Cyberattack causes NHS IT meltdown

Ransomware attack hits NHS hospitals

Ransomware attack hits NHS hospitals

The NHS has confirmed that a ransomware attack is responsible for major IT problems affecting a number of hospitals.

Non-emergency operations have been suspended and ambulances are being diverted at NHS organisations across the country.

The IT systems of at least 16 organisations across the NHS have been affected by a ransomware attack, in which malicious software encrypts the data on a victim’s computer and demands a ransom, usually to be paid in Bitcoin, in order to make the data accessible again.

The ransomeware message affecting NHS IT systems
Image:The ransomware message affecting NHS IT systems

Although the investigation is at an early stage NHS Digital believes it has identified “the malware variant as Wanna Decryptor” which appears to be requesting $300 from victims to decrypt their computers.

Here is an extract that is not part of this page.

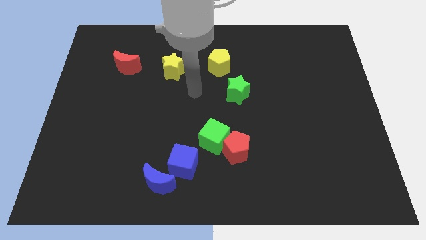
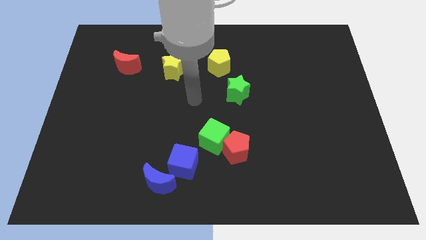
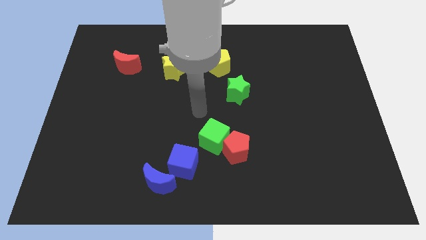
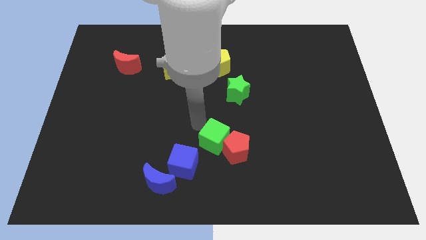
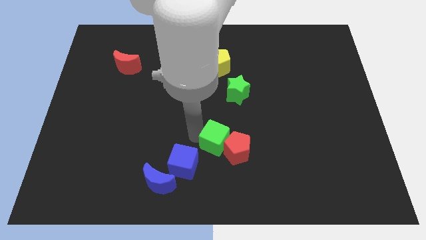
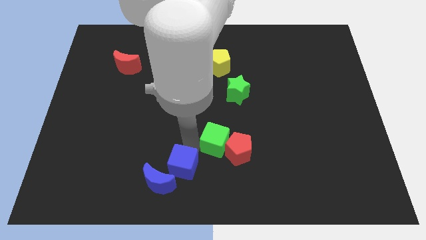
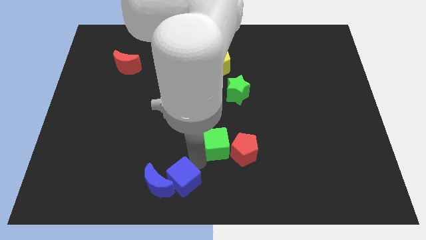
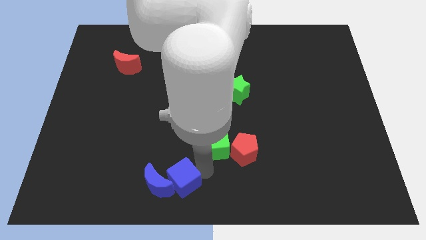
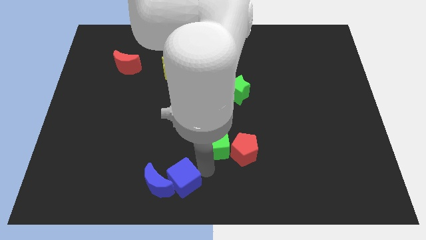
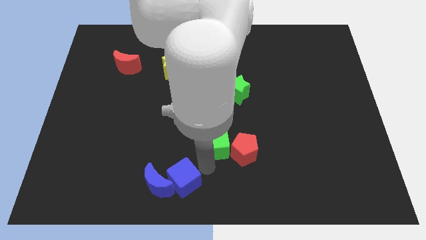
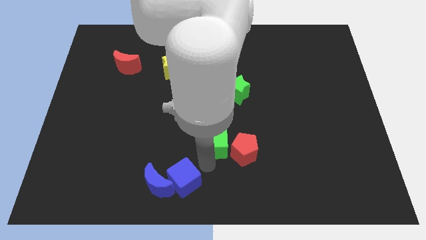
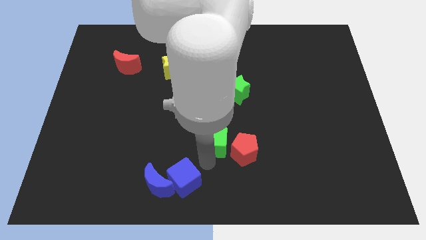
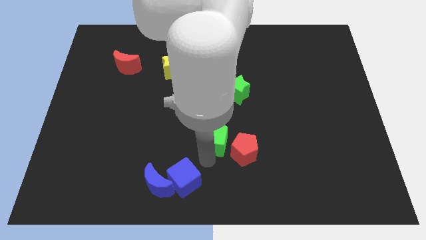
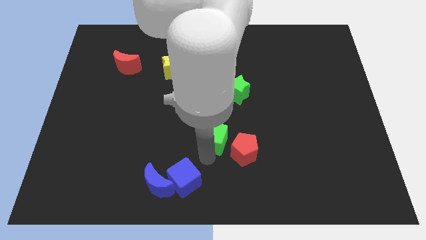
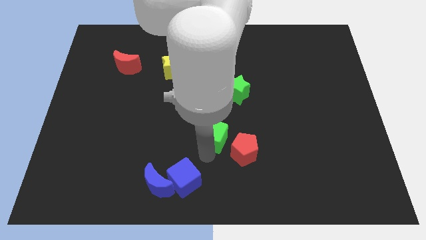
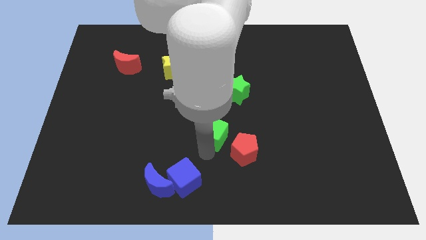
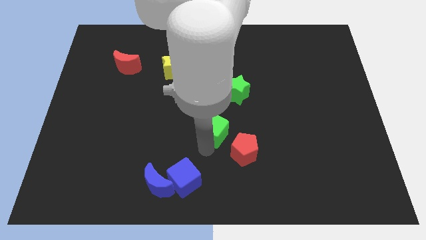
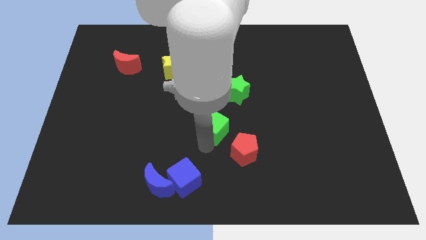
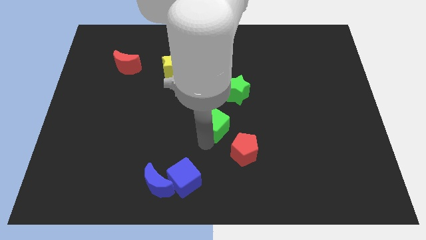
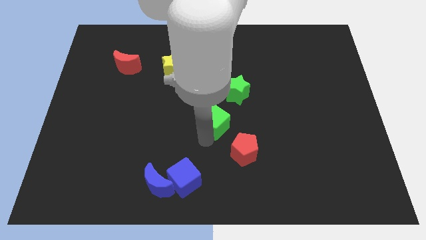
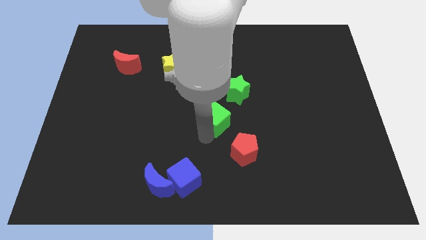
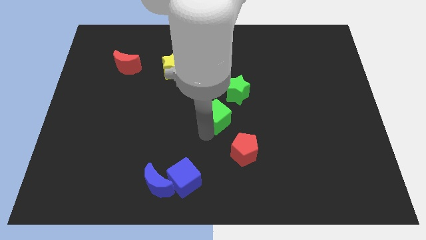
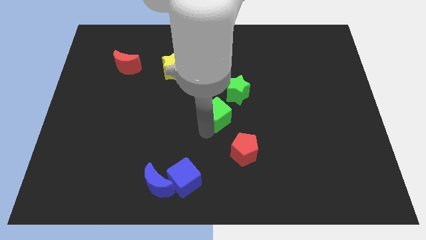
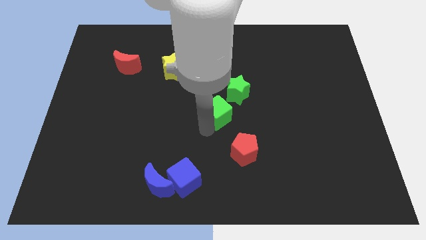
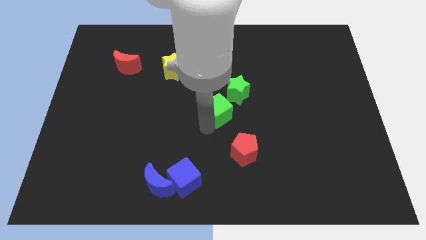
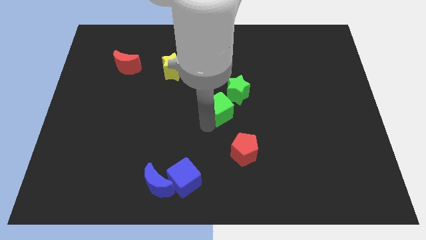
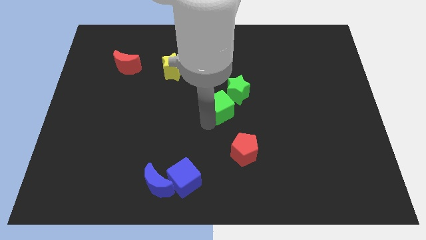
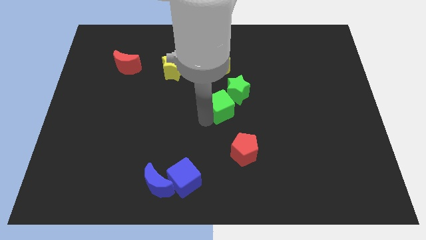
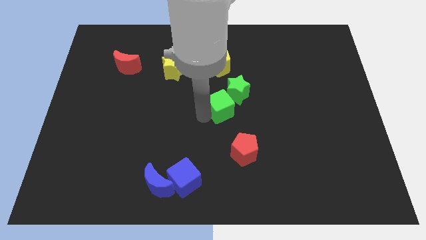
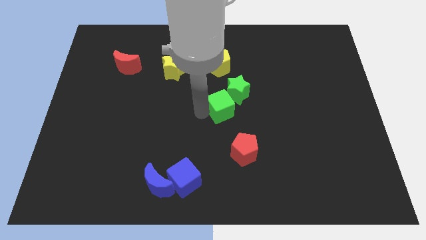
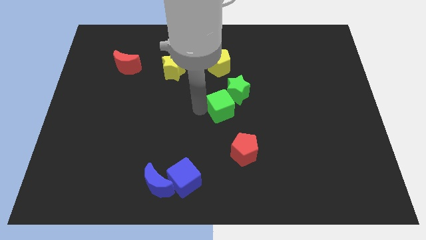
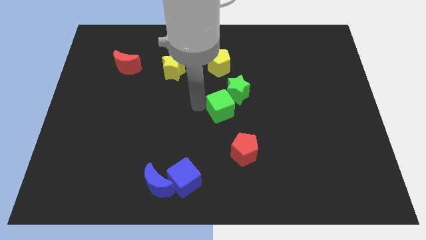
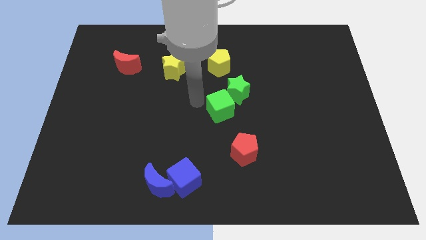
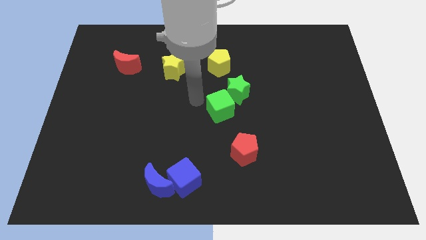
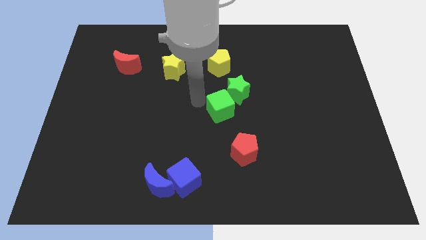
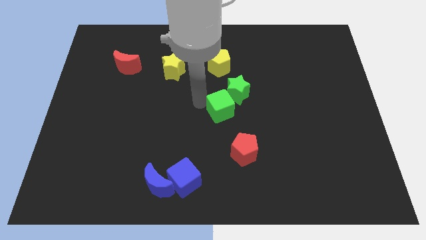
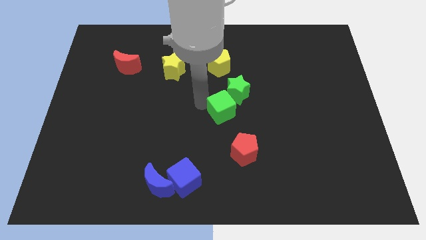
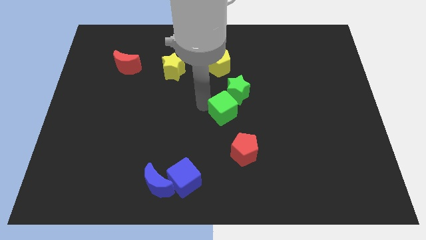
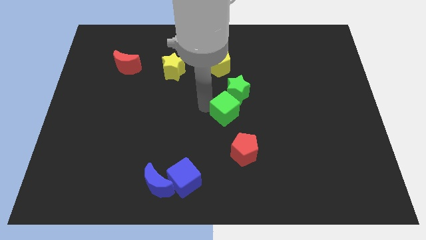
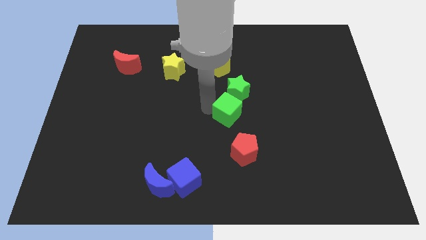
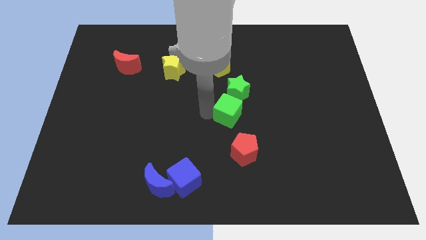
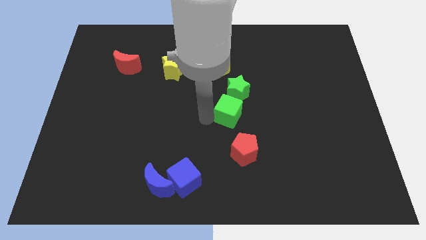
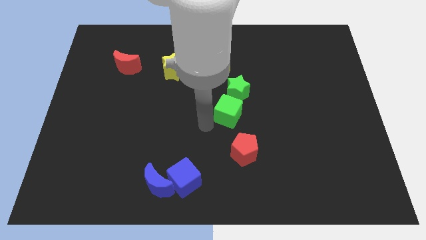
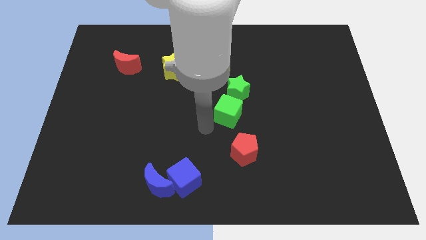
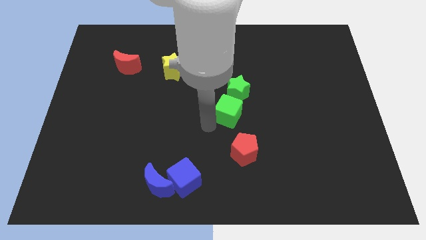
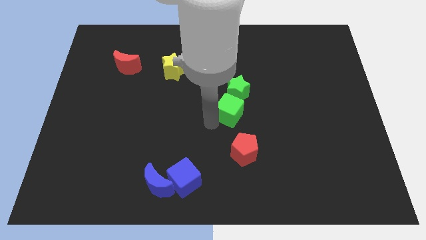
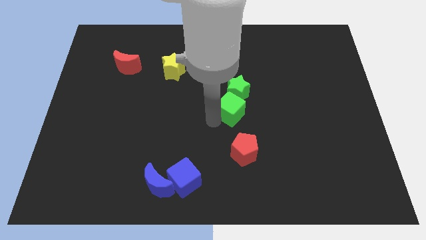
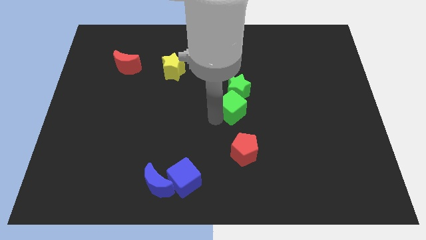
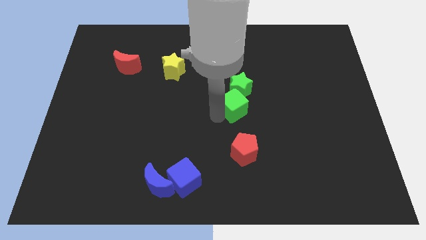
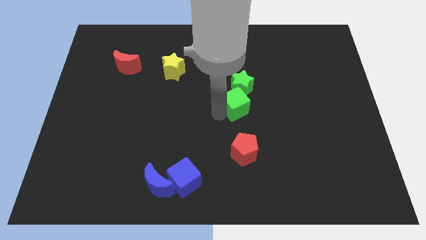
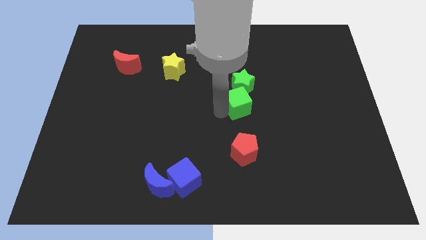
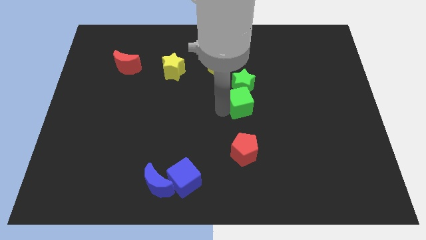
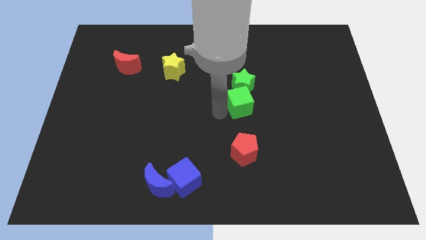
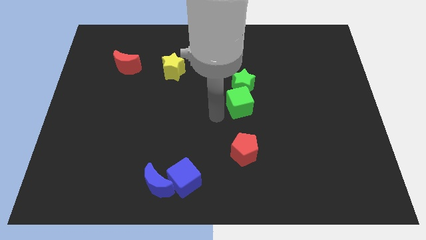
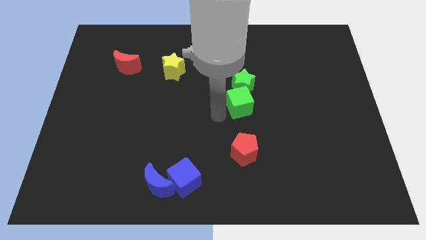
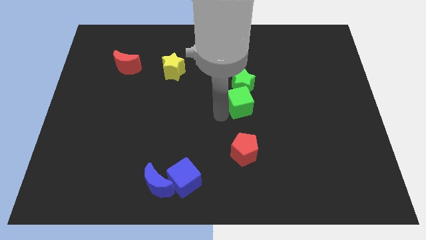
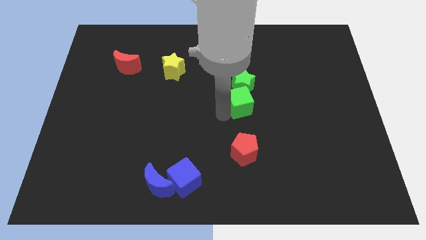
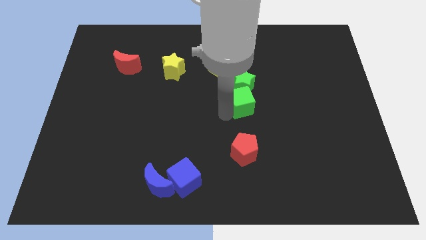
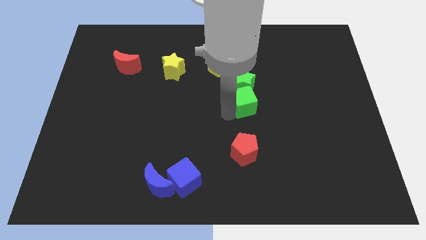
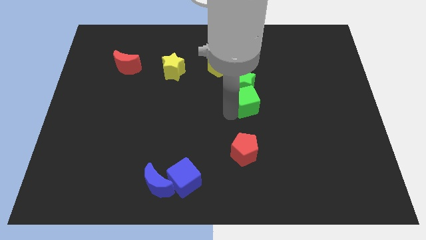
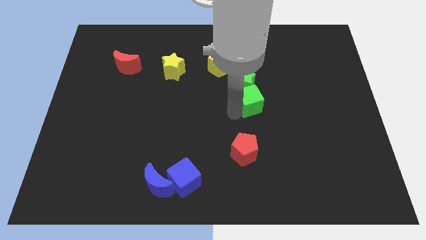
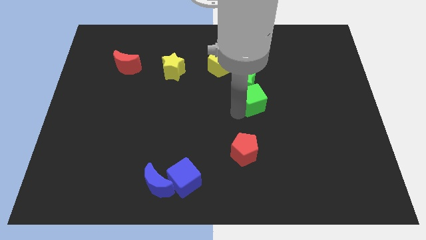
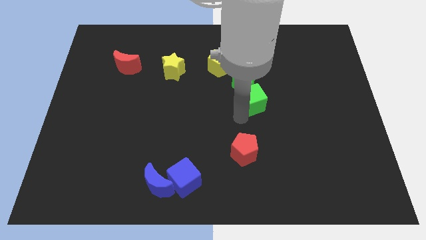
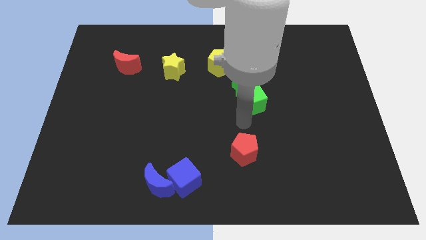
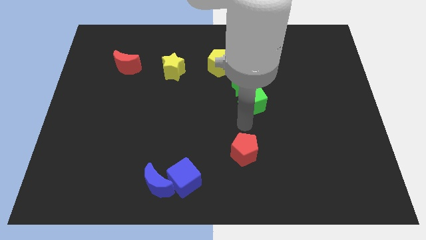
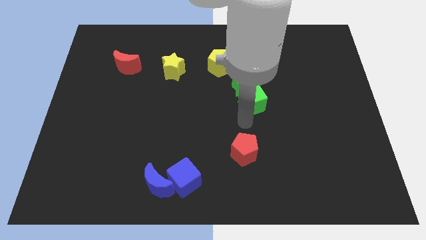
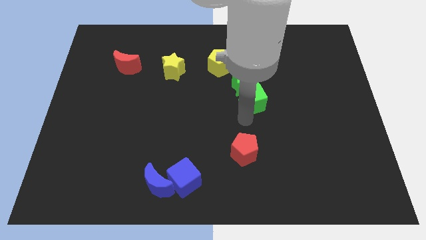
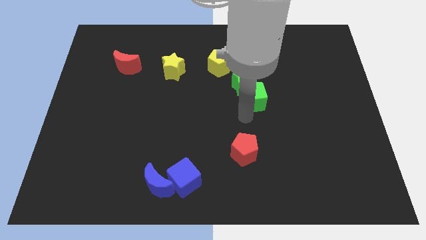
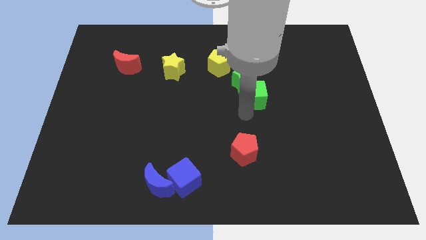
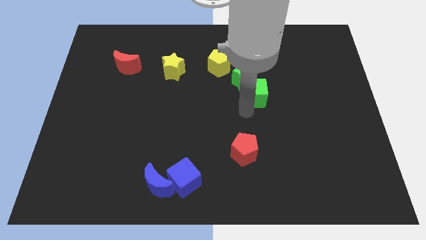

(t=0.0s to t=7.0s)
push the green cube to the bottom right of the yellow pentagon

“At this stage we do not have any evidence that patient data has been accessed,” stated NHS Digital, adding that it will “continue to work with affected organisations to confirm this.”

“NHS Digital is working closely with the National Cyber Security Centre, the Department of Health and NHS England to support affected organisations and to recommend appropriate mitigations.

“This attack was not specifically targeted at the NHS and is affecting organisations from across a range of sectors.

“Our focus is on supporting organisations to manage the incident swiftly and decisively, but we will continue to communicate with NHS colleagues and will share more information as it becomes available.”

Some hospitals such as Colchester General Hospital have acted to protect their IT systems by completely shutting them down.

A statement from the hospital said it was “postponing all non-urgent activity for today and we are asking people not to come to A&E.”

East and North Herts NHS Trust website

Video:‘A number of NHS trusts’ affected by ransomware

The attacks occurred at the same time as companies in Spain were affected by a similarly widespread incident.

Telecommunications firm Telefonica reported a serious issue affecting its internal network as a result of a cyberattack.